» Task material:
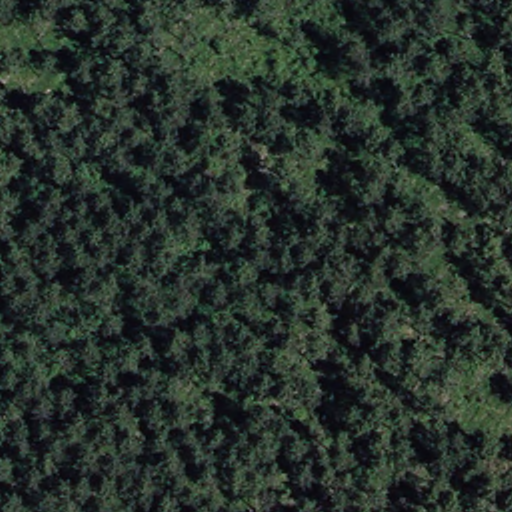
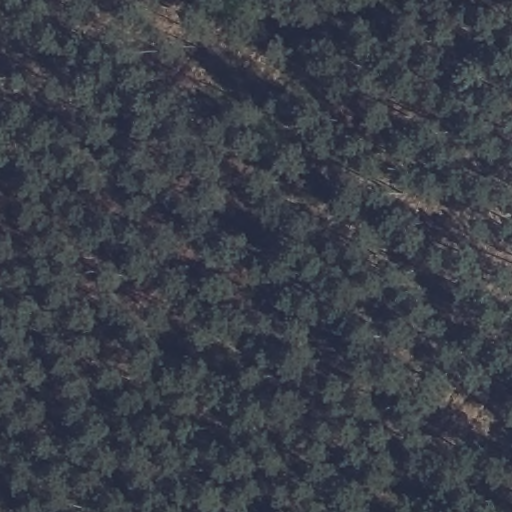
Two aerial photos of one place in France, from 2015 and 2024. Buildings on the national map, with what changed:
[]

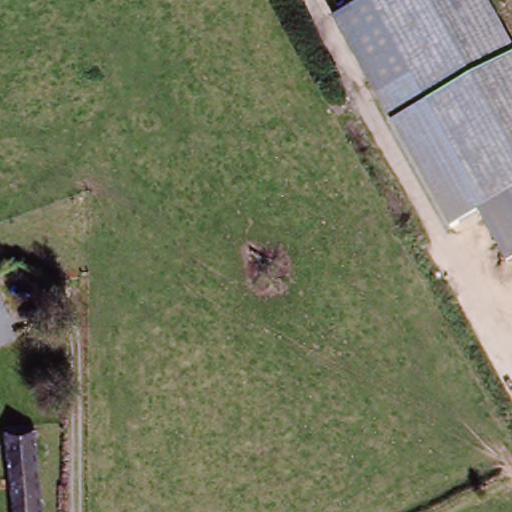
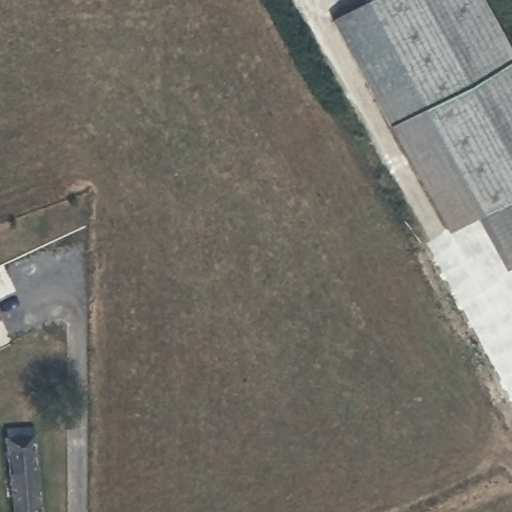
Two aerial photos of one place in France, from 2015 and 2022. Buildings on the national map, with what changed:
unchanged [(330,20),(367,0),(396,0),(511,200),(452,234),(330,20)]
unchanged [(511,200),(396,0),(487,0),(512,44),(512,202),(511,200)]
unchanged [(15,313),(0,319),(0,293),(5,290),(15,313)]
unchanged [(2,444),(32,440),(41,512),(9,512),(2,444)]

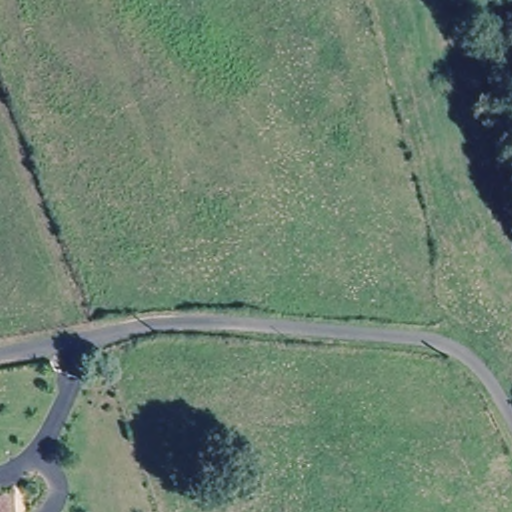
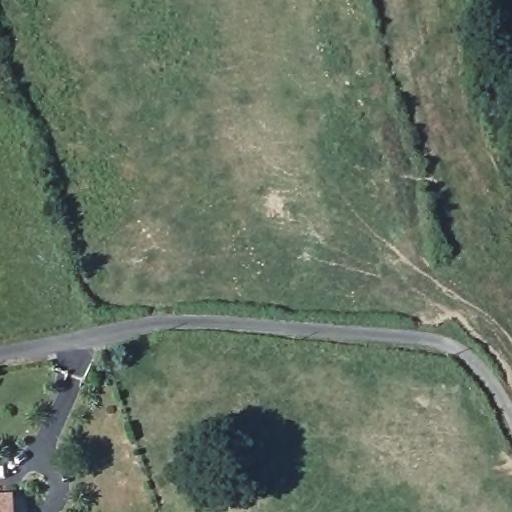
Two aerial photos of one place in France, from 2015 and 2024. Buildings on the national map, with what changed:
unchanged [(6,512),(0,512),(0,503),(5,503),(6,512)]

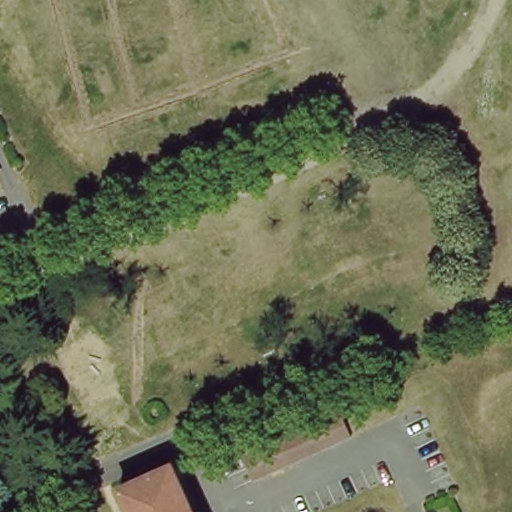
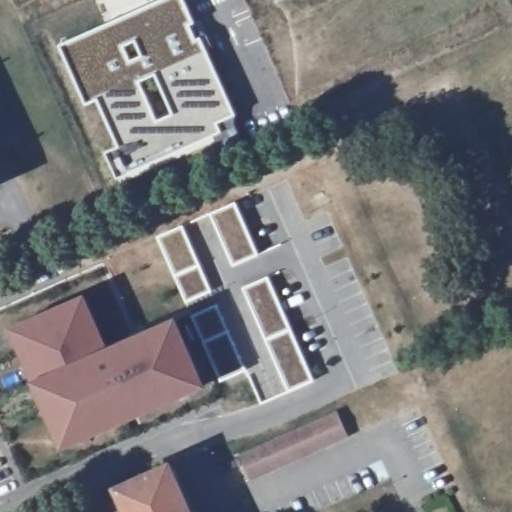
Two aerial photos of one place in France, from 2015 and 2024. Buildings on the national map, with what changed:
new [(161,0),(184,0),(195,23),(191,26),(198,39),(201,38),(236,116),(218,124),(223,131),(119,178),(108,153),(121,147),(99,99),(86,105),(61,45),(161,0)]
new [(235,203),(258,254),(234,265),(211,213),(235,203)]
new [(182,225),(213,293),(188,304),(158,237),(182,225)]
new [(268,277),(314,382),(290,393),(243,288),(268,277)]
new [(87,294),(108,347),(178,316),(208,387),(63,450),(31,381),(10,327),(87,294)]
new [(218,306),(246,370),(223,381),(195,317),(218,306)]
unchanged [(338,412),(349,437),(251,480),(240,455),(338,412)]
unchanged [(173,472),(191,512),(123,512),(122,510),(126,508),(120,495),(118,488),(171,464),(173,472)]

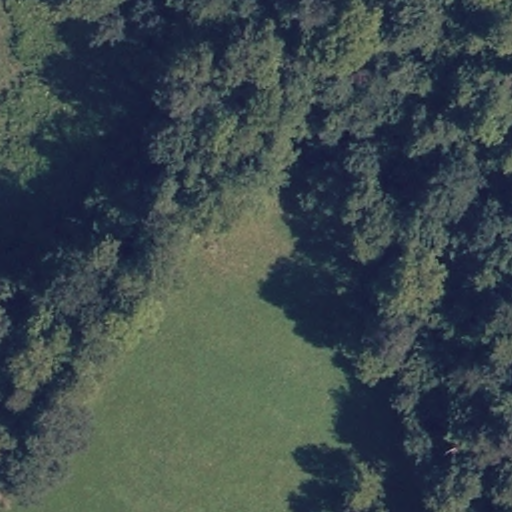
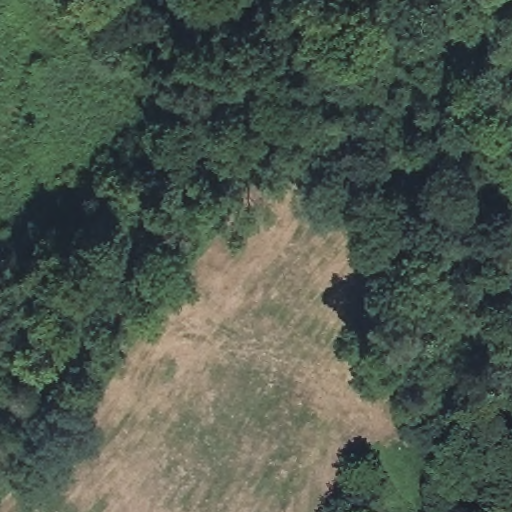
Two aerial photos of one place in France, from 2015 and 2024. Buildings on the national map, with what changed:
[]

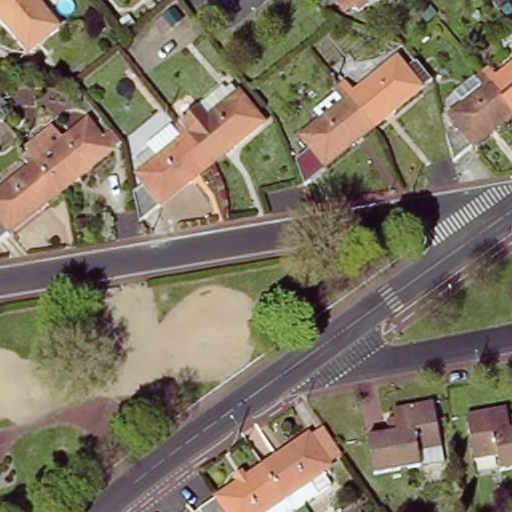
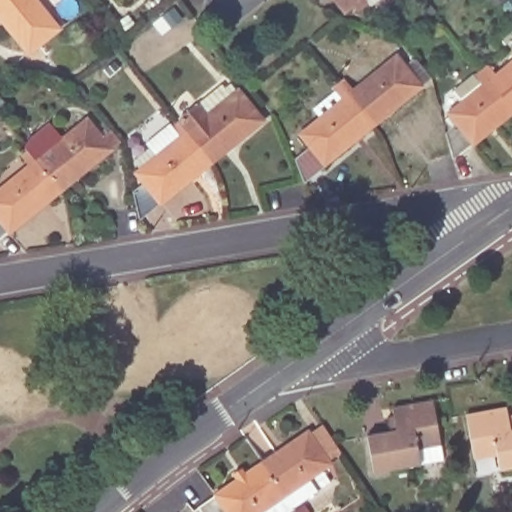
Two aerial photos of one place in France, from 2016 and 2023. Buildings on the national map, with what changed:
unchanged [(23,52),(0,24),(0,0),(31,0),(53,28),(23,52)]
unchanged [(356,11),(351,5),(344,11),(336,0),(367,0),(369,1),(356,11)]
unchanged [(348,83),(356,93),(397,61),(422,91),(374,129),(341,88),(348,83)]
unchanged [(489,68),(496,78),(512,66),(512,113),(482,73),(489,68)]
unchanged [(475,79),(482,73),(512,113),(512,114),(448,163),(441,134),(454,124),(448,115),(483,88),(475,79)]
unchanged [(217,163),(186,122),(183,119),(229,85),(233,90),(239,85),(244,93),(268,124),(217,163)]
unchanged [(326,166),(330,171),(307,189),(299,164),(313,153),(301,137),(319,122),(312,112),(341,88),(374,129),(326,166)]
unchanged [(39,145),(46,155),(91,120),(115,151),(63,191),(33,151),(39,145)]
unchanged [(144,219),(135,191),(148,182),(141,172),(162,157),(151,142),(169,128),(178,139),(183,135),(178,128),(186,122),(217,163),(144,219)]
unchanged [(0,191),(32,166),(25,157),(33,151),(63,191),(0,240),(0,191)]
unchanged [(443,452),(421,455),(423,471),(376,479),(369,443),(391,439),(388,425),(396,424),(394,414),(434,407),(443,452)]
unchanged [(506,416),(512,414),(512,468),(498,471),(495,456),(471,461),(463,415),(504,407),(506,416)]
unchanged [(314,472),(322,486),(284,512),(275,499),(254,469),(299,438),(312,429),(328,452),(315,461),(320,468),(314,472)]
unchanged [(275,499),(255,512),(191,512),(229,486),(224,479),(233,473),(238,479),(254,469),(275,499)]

» What you have to do:
Print all of the records shown above exactly, leaving out each picture.

» Response to the exercise:
Two aerial photos of one place in France, from 2015 and 2024. Buildings on the national map, with what changed:
[]

Two aerial photos of one place in France, from 2015 and 2022. Buildings on the national map, with what changed:
unchanged [(330,20),(367,0),(396,0),(511,200),(452,234),(330,20)]
unchanged [(511,200),(396,0),(487,0),(512,44),(512,202),(511,200)]
unchanged [(15,313),(0,319),(0,293),(5,290),(15,313)]
unchanged [(2,444),(32,440),(41,512),(9,512),(2,444)]

Two aerial photos of one place in France, from 2015 and 2024. Buildings on the national map, with what changed:
unchanged [(6,512),(0,512),(0,503),(5,503),(6,512)]

Two aerial photos of one place in France, from 2015 and 2024. Buildings on the national map, with what changed:
new [(161,0),(184,0),(195,23),(191,26),(198,39),(201,38),(236,116),(218,124),(223,131),(119,178),(108,153),(121,147),(99,99),(86,105),(61,45),(161,0)]
new [(235,203),(258,254),(234,265),(211,213),(235,203)]
new [(182,225),(213,293),(188,304),(158,237),(182,225)]
new [(268,277),(314,382),(290,393),(243,288),(268,277)]
new [(87,294),(108,347),(178,316),(208,387),(63,450),(31,381),(10,327),(87,294)]
new [(218,306),(246,370),(223,381),(195,317),(218,306)]
unchanged [(338,412),(349,437),(251,480),(240,455),(338,412)]
unchanged [(173,472),(191,512),(123,512),(122,510),(126,508),(120,495),(118,488),(171,464),(173,472)]

Two aerial photos of one place in France, from 2015 and 2024. Buildings on the national map, with what changed:
[]

Two aerial photos of one place in France, from 2016 and 2023. Buildings on the national map, with what changed:
unchanged [(23,52),(0,24),(0,0),(31,0),(53,28),(23,52)]
unchanged [(356,11),(351,5),(344,11),(336,0),(367,0),(369,1),(356,11)]
unchanged [(348,83),(356,93),(397,61),(422,91),(374,129),(341,88),(348,83)]
unchanged [(489,68),(496,78),(512,66),(512,113),(482,73),(489,68)]
unchanged [(475,79),(482,73),(512,113),(512,114),(448,163),(441,134),(454,124),(448,115),(483,88),(475,79)]
unchanged [(217,163),(186,122),(183,119),(229,85),(233,90),(239,85),(244,93),(268,124),(217,163)]
unchanged [(326,166),(330,171),(307,189),(299,164),(313,153),(301,137),(319,122),(312,112),(341,88),(374,129),(326,166)]
unchanged [(39,145),(46,155),(91,120),(115,151),(63,191),(33,151),(39,145)]
unchanged [(144,219),(135,191),(148,182),(141,172),(162,157),(151,142),(169,128),(178,139),(183,135),(178,128),(186,122),(217,163),(144,219)]
unchanged [(0,191),(32,166),(25,157),(33,151),(63,191),(0,240),(0,191)]
unchanged [(443,452),(421,455),(423,471),(376,479),(369,443),(391,439),(388,425),(396,424),(394,414),(434,407),(443,452)]
unchanged [(506,416),(512,414),(512,468),(498,471),(495,456),(471,461),(463,415),(504,407),(506,416)]
unchanged [(314,472),(322,486),(284,512),(275,499),(254,469),(299,438),(312,429),(328,452),(315,461),(320,468),(314,472)]
unchanged [(275,499),(255,512),(191,512),(229,486),(224,479),(233,473),(238,479),(254,469),(275,499)]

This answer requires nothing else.